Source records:
________
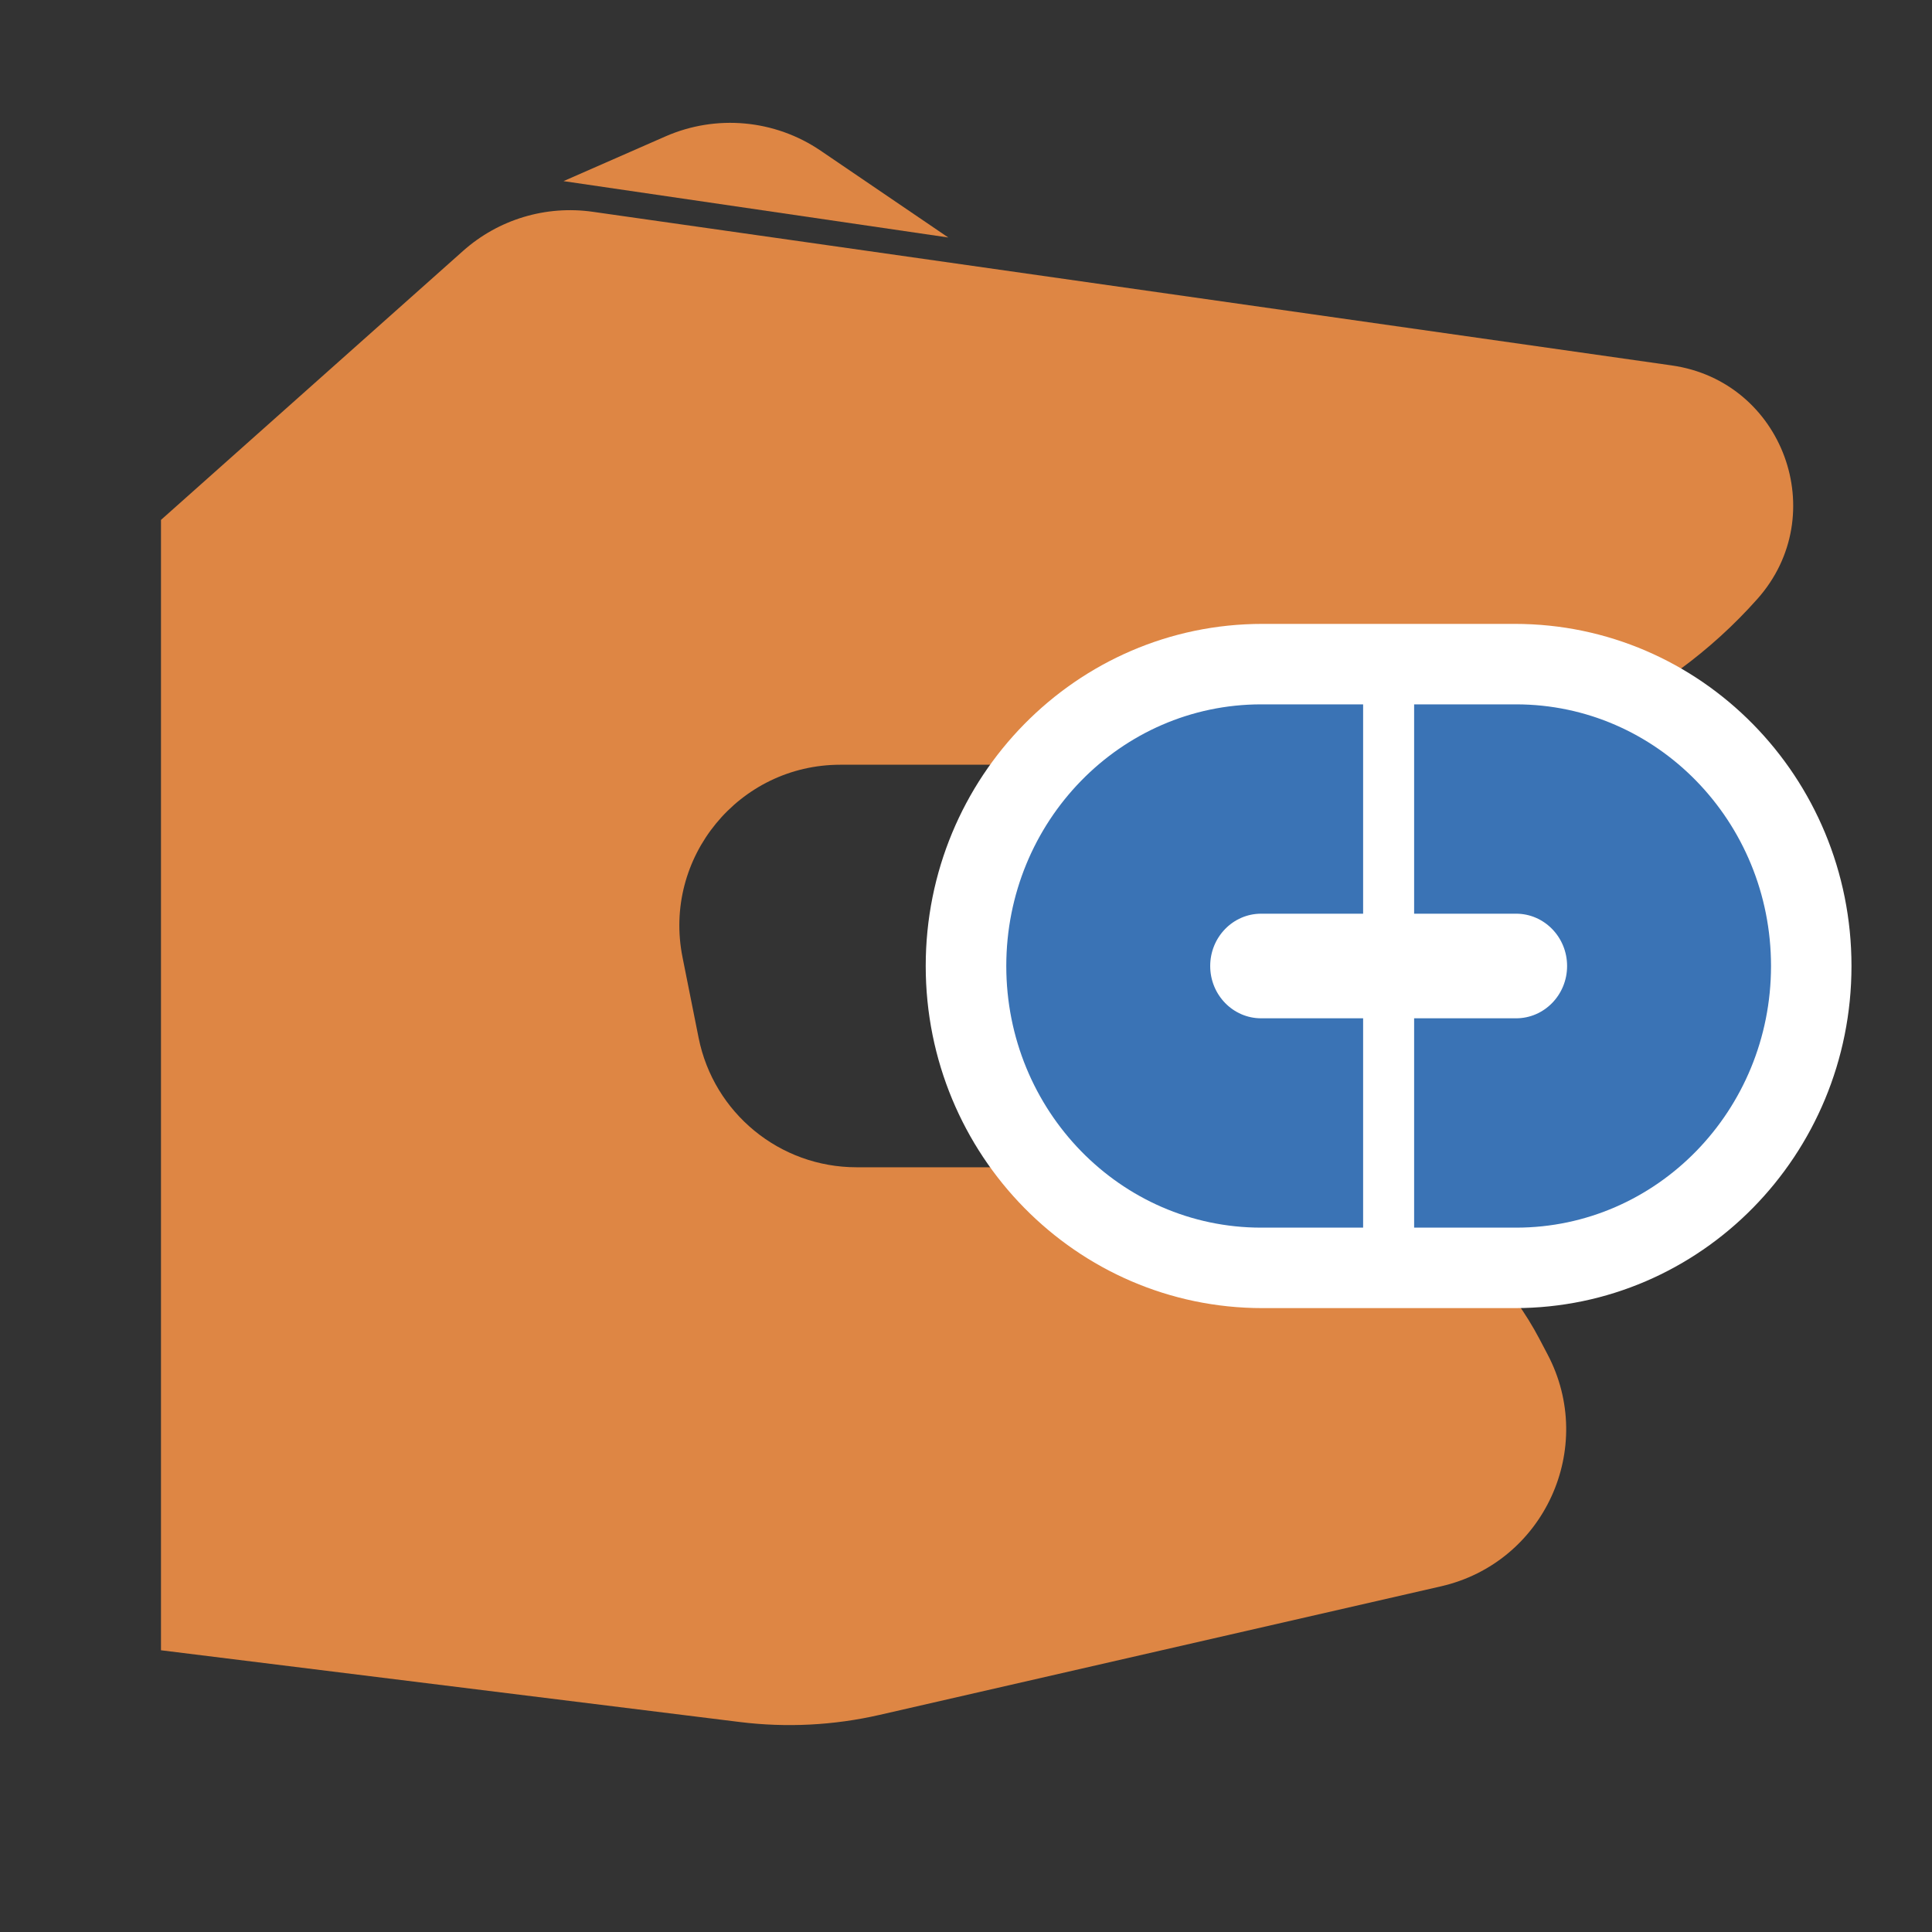 <svg width="40" height="40" viewBox="0 0 40 40" fill="none" xmlns="http://www.w3.org/2000/svg">
<rect x="0" y="0" width="40" height="40" fill="#333333" stroke="none"/>
<path d="M11.667 3.75L13.778 2.824C14.829 2.363 16.043 2.475 16.991 3.12L19.633 4.917L11.667 3.75Z" fill="#DE8644"/>
<path d="M28.741 15.833H17.399C15.296 15.833 13.718 17.758 14.131 19.82L14.464 21.487C14.776 23.045 16.144 24.167 17.733 24.167H25.977C28.451 24.167 30.722 25.537 31.875 27.726L32.04 28.04C33.06 29.976 31.969 32.354 29.835 32.843L18.206 35.506C17.261 35.722 16.284 35.772 15.321 35.653L3.333 34.167V10.764L9.586 5.196C10.318 4.543 11.301 4.246 12.273 4.385L34.613 7.566C36.92 7.895 37.933 10.659 36.385 12.4C34.444 14.584 31.662 15.833 28.741 15.833Z" fill="#DE8644"/>
<path d="M19.166 20C19.166 16.088 22.287 12.917 26.136 12.917H31.363C35.213 12.917 38.333 16.088 38.333 20C38.333 23.912 35.213 27.083 31.363 27.083H26.136C22.287 27.083 19.166 23.912 19.166 20Z" fill="white"/>
<path fillRule="evenodd" clip-rule="evenodd" d="M31.389 14.583C34.304 14.583 36.667 17.008 36.667 20C36.667 22.991 34.304 25.417 31.389 25.417H29.278V21.083L31.389 21.083C31.972 21.083 32.445 20.598 32.445 20C32.445 19.402 31.972 18.917 31.389 18.917L29.278 18.917V14.583L31.389 14.583Z" fill="#3A73B5"/>
<path fillRule="evenodd" clip-rule="evenodd" d="M26.111 14.583C23.196 14.583 20.834 17.008 20.834 20C20.834 22.991 23.196 25.417 26.111 25.417H28.222L28.222 21.083H26.111C25.528 21.083 25.056 20.598 25.056 20C25.056 19.402 25.528 18.917 26.111 18.917H28.222V14.583L26.111 14.583Z" fill="#3A73B5"/>
</svg>
________
What you should return is the exact text of every line from the top of the entries through the line with "14.583C34.304 14.583 36.667", pictures removed.

## SOLUTION TO THE PROBLEM
 <svg width="40" height="40" viewBox="0 0 40 40" fill="none" xmlns="http://www.w3.org/2000/svg">
<rect x="0" y="0" width="40" height="40" fill="#333333" stroke="none"/>
<path d="M11.667 3.75L13.778 2.824C14.829 2.363 16.043 2.475 16.991 3.12L19.633 4.917L11.667 3.75Z" fill="#DE8644"/>
<path d="M28.741 15.833H17.399C15.296 15.833 13.718 17.758 14.131 19.82L14.464 21.487C14.776 23.045 16.144 24.167 17.733 24.167H25.977C28.451 24.167 30.722 25.537 31.875 27.726L32.04 28.04C33.06 29.976 31.969 32.354 29.835 32.843L18.206 35.506C17.261 35.722 16.284 35.772 15.321 35.653L3.333 34.167V10.764L9.586 5.196C10.318 4.543 11.301 4.246 12.273 4.385L34.613 7.566C36.92 7.895 37.933 10.659 36.385 12.4C34.444 14.584 31.662 15.833 28.741 15.833Z" fill="#DE8644"/>
<path d="M19.166 20C19.166 16.088 22.287 12.917 26.136 12.917H31.363C35.213 12.917 38.333 16.088 38.333 20C38.333 23.912 35.213 27.083 31.363 27.083H26.136C22.287 27.083 19.166 23.912 19.166 20Z" fill="white"/>
<path fillRule="evenodd" clip-rule="evenodd" d="M31.389 14.583C34.304 14.583 36.667 17.008 36.667 20C36.667 22.991 34.304 25.417 31.389 25.417H29.278V21.083L31.389 21.083C31.972 21.083 32.445 20.598 32.445 20C32.445 19.402 31.972 18.917 31.389 18.917L29.278 18.917V14.583L31.389 14.583Z" fill="#3A73B5"/>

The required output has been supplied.